Work to be completed: The expected answer comprises all lines from the entries that contain the string "standard".

Extracted material:
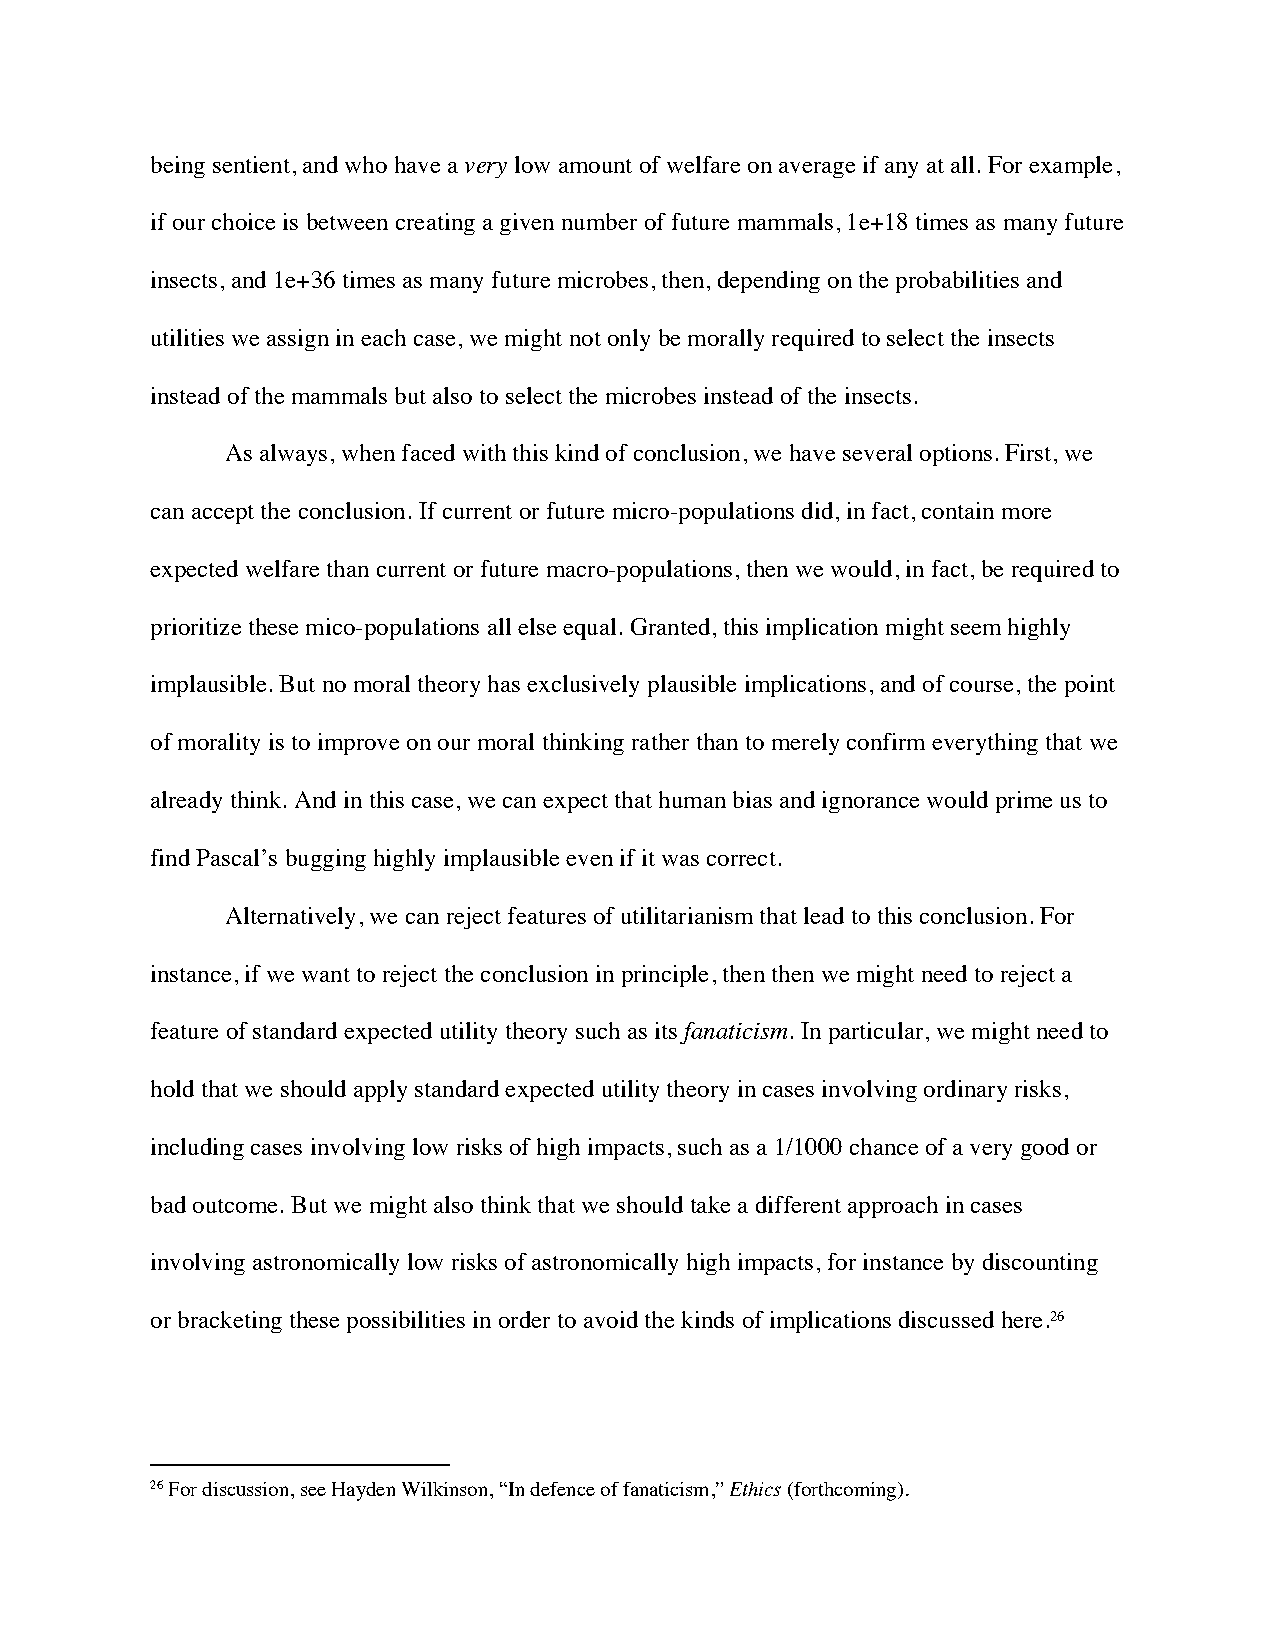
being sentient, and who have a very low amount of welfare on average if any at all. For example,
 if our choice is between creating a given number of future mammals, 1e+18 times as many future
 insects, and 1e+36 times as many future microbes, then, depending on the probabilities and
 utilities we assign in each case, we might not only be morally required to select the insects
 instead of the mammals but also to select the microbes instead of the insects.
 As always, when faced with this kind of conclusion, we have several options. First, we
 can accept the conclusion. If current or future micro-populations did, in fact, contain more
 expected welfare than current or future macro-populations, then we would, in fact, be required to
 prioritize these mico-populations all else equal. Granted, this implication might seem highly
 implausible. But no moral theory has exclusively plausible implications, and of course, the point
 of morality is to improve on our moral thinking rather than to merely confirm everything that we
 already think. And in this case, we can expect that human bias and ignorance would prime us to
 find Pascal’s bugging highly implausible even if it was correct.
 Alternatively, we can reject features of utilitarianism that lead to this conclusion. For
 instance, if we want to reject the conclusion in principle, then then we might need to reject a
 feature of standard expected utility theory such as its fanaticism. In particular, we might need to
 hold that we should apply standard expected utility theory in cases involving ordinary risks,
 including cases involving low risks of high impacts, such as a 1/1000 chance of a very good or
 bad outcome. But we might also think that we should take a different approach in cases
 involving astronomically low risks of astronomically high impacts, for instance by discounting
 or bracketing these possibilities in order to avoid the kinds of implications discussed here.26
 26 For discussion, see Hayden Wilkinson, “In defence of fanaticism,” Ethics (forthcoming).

Exercise response:
 feature of standard expected utility theory such as its fanaticism. In particular, we might need to
 hold that we should apply standard expected utility theory in cases involving ordinary risks,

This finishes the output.